Stateless Postgres Query Router

Primary LanguageGoOtherNOASSERTION

Go Go GitHub go.mod Go version Go Report Lines of code

Stateless Postgres Query Router (SPQR)

Overview

SPQR is a liquid OLTP sharding for PostgreSQL.

PostgreSQL is awesome, but it's hard to manage a single database with some terabytes of data and 105+ queries per second. Existing sharding solutions focus on analytical and hybrid workloads (OLAP, HTAP). Moreover, most of those solutions do not provide a simple, painless path for the monolith<->sharded transitions.

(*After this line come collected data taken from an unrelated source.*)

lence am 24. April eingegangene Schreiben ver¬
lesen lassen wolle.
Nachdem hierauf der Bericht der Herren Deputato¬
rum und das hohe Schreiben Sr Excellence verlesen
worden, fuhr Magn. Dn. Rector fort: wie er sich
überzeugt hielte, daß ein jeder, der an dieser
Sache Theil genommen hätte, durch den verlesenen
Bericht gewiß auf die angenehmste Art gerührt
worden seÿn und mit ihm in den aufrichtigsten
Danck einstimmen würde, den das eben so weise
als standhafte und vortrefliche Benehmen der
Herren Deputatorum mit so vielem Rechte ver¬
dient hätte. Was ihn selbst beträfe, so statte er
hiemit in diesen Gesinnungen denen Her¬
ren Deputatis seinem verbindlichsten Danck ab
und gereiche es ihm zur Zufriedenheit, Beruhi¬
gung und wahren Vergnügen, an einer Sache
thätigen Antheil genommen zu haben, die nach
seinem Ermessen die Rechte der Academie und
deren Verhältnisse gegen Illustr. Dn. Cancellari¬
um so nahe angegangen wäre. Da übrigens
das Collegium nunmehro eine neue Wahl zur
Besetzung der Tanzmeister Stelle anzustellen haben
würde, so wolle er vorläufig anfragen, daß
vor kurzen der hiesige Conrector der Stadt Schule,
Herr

That's why the Data Platform team of Yandex.Cloud designed SPQR.

Core requirements

  1. Use highly available clusters as building blocks for sharding installations. These clusters can be based on Patroni, Stolon, Managed PostgreSQL, or any other HA solution over vanilla Postgres. Physical quorum-based PostgreSQL HA solutions are battle-proven, and we reuse all their benefits.
  2. Zero downtime for conversion from monolith to sharded cluster and vice versa. The existing database (monolith) is the initial shard for horizontal scaling. Then we add new nodes and move data to them without downtime, eventually having multiple shards. When needed, we repeat the process, adding more shards – again, without downtime. And if at some point we want to go back to the monolith, we use the same tooling for that, without downtime and without the need to restore from backups.
  3. SPQR dev/test environments should be installable on a developer's laptop or Raspberry Pi in minutes, not hours in a datacenter.
  4. SPQR is optimized for single-shard OLTP queries. We aim to have a very low latency overhead (1-2 ms) introduced by SPQR for such queries.
  5. Data migration between shards aims to balance the workload across shards proportionally. Migrations must cause as little locking impact as possible. One of the ways to achieve that is to reduce range size. Liquid migrations should allow transferring between clouds. However, in this case, temporary high latencies are inevitable.

Read more in design concepts.

Why stateless?

There are some good sharding solutions relying on the Postgres codebase for routing. This is a reliable and maintainable design decision. One of the obvious benefits of this approach is that the SQL grammar is always compatible between the same versions of Postgres.

Postgres, as any DBMS, solves the hard problem of state management. And the most important state is system catalog - metadata, data about your data. Postgres allows you to see a snapshot of the structure of your data in the past. To make the performance of the system catalog acceptable, it employs a sophisticated system of caches with rather tricky invalidations.

At the beginning of our journey to sharding solutions, we tried to implement FDW-based sharding and custom node based sharding. Eventually, we concluded that both catalog and caches are excessive elements for the task of query routing. At query routing time, Postgres core checks that column data types pose necessary casts, support functions, operators, etc. The "analyze" and "rewrite" phases of the query routing made latencies go unreasonably high.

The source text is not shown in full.